Can any good come out of Nazareth?

On one level, the feast of the Holy Family reminds us of the centrality of the family in God's plan, and presents us with a model of virtue for our imitation. On the other hand, we must admit the uniqueness of the family of Nazareth, composed as it is of a virginal marriage, a sinless bride, and a Child, miraculously conceived, Who is God as well as man.

And yet the uniqueness of this holiest of earthly families is the key to one of the most important aspects of the feast which the liturgy invites us to consider: the Mystery of the Church.

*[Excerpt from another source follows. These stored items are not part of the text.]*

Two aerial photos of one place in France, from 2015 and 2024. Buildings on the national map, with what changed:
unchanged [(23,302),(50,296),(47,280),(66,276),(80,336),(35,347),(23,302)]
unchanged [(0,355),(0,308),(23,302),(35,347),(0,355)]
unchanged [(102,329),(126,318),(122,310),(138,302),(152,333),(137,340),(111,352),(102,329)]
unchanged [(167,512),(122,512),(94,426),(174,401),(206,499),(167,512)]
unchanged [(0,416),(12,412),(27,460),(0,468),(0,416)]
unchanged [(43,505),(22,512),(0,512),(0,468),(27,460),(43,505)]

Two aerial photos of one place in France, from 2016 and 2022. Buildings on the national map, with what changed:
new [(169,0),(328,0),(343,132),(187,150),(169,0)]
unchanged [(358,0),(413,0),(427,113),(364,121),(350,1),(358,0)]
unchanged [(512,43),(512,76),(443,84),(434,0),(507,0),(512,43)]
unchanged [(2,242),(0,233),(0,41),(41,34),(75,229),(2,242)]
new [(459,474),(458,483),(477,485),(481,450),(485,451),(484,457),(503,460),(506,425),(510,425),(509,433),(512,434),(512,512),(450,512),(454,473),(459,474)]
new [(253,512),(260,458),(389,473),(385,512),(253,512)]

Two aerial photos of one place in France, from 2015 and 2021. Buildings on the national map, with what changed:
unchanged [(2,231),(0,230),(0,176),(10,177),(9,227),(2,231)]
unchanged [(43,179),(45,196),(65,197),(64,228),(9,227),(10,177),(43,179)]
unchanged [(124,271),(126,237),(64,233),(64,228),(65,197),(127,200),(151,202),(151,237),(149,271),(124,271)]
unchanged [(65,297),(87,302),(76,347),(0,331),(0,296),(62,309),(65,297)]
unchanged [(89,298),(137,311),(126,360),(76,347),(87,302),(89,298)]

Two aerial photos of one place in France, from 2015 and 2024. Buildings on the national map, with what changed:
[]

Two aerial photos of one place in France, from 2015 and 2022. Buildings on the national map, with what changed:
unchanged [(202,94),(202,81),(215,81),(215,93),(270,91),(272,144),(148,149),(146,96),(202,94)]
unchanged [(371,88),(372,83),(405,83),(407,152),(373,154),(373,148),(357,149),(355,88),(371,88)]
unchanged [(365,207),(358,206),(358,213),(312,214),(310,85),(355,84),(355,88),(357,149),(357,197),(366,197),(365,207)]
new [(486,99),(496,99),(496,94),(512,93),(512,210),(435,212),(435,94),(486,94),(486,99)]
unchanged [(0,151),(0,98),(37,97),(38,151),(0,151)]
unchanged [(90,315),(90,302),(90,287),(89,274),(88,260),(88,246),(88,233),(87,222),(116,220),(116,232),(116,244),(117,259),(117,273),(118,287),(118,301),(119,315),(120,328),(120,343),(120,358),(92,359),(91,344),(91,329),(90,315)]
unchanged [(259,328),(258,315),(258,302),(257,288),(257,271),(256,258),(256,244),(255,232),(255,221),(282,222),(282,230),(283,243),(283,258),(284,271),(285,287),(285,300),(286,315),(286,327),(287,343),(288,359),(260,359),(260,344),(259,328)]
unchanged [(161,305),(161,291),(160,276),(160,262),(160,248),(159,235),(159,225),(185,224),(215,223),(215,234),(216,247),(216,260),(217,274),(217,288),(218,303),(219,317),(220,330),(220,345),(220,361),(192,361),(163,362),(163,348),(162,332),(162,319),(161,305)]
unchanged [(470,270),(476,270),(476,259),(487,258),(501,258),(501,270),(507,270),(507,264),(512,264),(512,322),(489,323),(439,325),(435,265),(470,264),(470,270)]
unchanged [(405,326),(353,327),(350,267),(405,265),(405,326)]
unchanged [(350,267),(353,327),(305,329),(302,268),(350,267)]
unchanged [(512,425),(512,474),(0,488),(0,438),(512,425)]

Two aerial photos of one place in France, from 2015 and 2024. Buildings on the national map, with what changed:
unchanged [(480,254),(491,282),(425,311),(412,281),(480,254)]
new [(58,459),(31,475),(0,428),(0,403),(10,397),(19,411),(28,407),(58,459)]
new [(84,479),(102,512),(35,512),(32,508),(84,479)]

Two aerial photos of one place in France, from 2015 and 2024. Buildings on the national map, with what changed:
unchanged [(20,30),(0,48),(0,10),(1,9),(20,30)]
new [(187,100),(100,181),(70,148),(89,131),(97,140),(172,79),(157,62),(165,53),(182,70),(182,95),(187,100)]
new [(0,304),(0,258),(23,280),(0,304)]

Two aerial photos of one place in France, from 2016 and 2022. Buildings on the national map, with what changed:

Because Christ and the Church can never be separated, both the Christmas and Easter seasons present to us feasts of the mystery of the Church which proceed from the life of Christ. At Easter and Pentecost, we shall see how the Church makes effective Christ's work of  Redemption; during Christmas and Epiphany, the liturgy contemplates the participation of the Church in the Mystery of the Incarnation.

Today's feast sets before us the Mystery of the Church as the Family of God: the Holy Family to which we, as brothers and sisters of Christ re-born in baptism, all belong.

And He went down with them and came to Nazareth, and was subject to them. Christ's voluntary subjection to His own creatures did not end when He left Nazareth to commence His public ministry. It continues even now in the Holy Family that is His Church. Because it is in the Church that the human and the Divine meet - and the human element is sometimes less than edifying! - we may be tempted to take scandal in the Church: but the fact remains, that is how God has chosen to carry out His work. The marriage of Mary and Joseph was a true marriage, and so the sacramental economy and the primacy of charity represented by that Plenitude of Grace which is Mary, are ordered under the hierarchical authority of the Church that is foreshadowed by the Patriarch, Joseph. What God has joined, man must not divide. No true communion in grace and love can exist where Apostolic authority is ignored or denied.

As the old saying goes, you can choose your friends but not your relations. When there is trouble in the family the temptation is to move out in order to get some peace. If one takes a few sticks of familiar furniture, and moves in with one's friends, one can certainly enjoy a congenial arrangement. The only problem is, it is not one's family. So it is with the Church of God: moving out is no solution. Move into Pleasantville if you like, but I assure you it is not in the neighbourhood of Nazareth.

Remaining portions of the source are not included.